What would really help in this would be to know if any of these CAs have signed certificates for popular websites. Rightly or wrongly, I'd trust a CA who has certificates in active use by many sites over an obscure foreign (or not?) government CA who doesn't seem to sign any certificates that I'd normally interact with. After all, if suddenly one day ycombinator.com's site appears to be now signed by an obscure CA, I should probably be worried.

So, is there any way to map a given CA to the subset of the top 1000/10000/whatever number of websites that have certificates signed by it?

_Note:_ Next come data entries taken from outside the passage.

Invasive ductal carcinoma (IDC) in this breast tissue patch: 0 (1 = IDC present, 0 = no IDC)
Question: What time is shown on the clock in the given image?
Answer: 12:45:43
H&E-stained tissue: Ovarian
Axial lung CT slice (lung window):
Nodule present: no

Surely some webcrawlers must have indexed a large number of site certificates and have the data to build such a database.

2 comments

Maybe Google's certificate transparency is what you are looking for? http://www.certificate-transparency.org

A more practical approach: Disable all root certificates, then enable them one by one as you are getting browser warnings.

Thank you, I was looking for this.

However, in any case, there are already so many CAs, that I am wondering what is preventing governments of forcing one of them to provide a fake certificate that suits their needs for national security reasons...

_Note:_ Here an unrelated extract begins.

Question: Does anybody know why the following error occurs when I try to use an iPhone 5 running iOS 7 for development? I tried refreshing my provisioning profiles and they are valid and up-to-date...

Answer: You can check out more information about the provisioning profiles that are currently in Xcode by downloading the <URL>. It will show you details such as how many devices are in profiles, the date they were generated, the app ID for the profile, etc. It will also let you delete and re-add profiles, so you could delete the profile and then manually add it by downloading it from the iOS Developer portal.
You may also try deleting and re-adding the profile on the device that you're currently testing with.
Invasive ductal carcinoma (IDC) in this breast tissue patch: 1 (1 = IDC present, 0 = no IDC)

What "stops" them (to the extent that anything stops a government that is ignoring their own laws) is that the agreements CAs sign with browser/OS makers don't have any provision for issuing fake certs just because a government requested it or compromised the key.

That means if anyone found evidence that a CA was issuing bogus certs (such as one of those certs), that CA would be revoked and bankruptcy would follow soon after. The fact that they were just obeying a court order wouldn't be considered relevant by the browser makers, especially if it's an obscure and little used one.

There are other forms of punishment beyond outright revocation. A CA owned by the French government did something bad at some point (I forgot what), and instead of total revocation they were name constrained to .fr

But basically, forcing CAs to co-operate with you against the contracts they've signed is a very limited strategy. Most governments outside the US government can only do it once or twice before there are no more CAs left in their jurisdiction. Not to mention the legal mess that would result from a company beyond forced to commit suicide to help an intercept operation.

ANSSI if I remember correctly, and one of their intermediate CAs issued an intermediate that was installed in a MITM device. They seems to be phasing out the root now BTW.
There's not much to protect against that. But looking for 'perfect' CA protection is hopeless. At least by eliminating the more untrustworthy CAs you can protect against some attacks.
Certificate Transparency does little to solve this problem. It doesn't stop MITM attacks. It might have a chance of helping a small number of companies that have the resources to monitor all logs, but that's after the attack and only if all relevant CAs are participating in the system. It gives ordinary users nothing and requires sysadmins to go to extreme lengths. Most websites are unlikely to benefit:

https://blog.okturtles.com/2014/09/the-trouble-with-certific...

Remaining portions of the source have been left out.